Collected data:
==================================================

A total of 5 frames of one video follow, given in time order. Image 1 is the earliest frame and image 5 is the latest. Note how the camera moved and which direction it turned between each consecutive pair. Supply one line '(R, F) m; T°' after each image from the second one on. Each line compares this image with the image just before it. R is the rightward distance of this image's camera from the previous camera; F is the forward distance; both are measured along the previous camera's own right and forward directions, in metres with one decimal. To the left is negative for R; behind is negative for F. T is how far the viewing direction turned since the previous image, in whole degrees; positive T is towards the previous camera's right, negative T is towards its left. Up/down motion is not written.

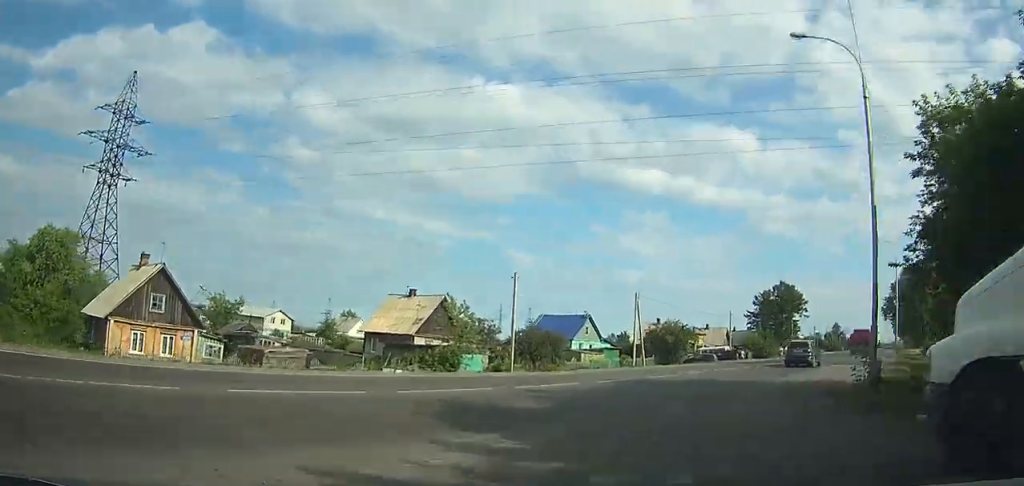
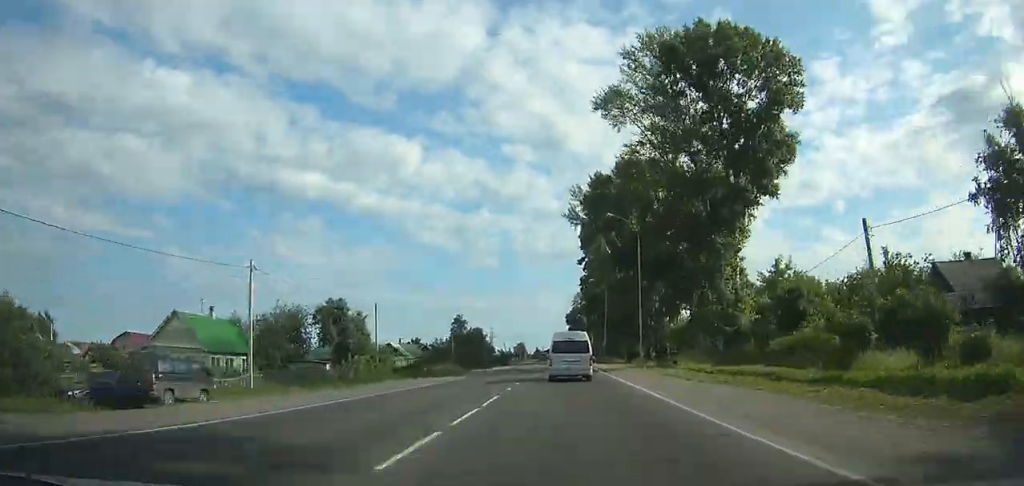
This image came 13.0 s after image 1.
(+63.1, +153.9) m; +25°
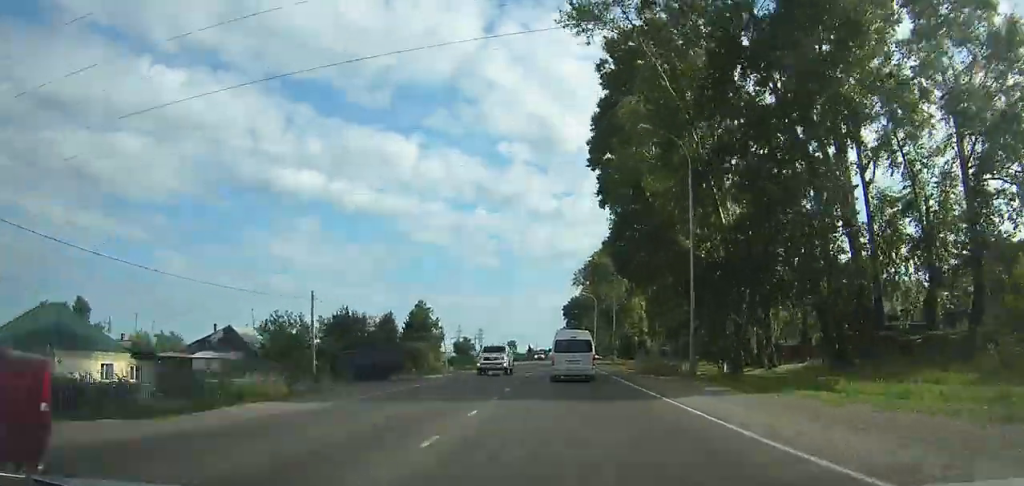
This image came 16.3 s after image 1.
(0.0, +55.6) m; 0°
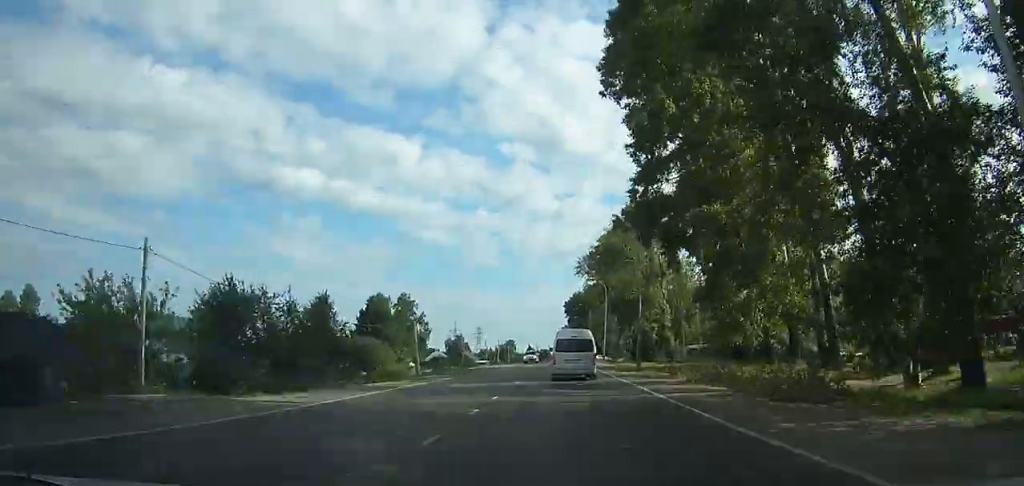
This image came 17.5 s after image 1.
(0.0, +20.6) m; 0°
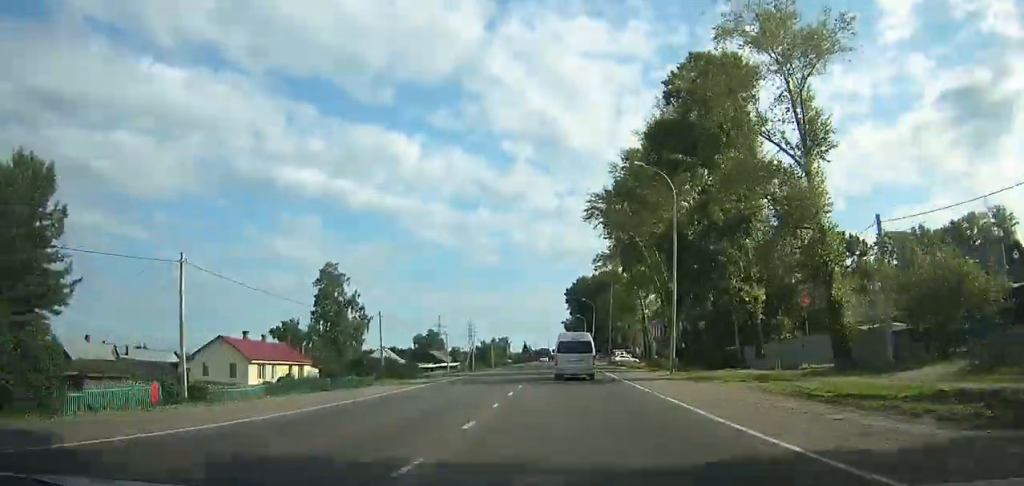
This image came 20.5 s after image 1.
(0.0, +52.0) m; -3°

==================================================

**What you need to do**
Repeat word for word, leaving out the pictures, each line of the records from the line that holds "This image came 17.5 s after image 1." through the final one.

**Solution for this problem**
This image came 17.5 s after image 1.
(0.0, +20.6) m; 0°
This image came 20.5 s after image 1.
(0.0, +52.0) m; -3°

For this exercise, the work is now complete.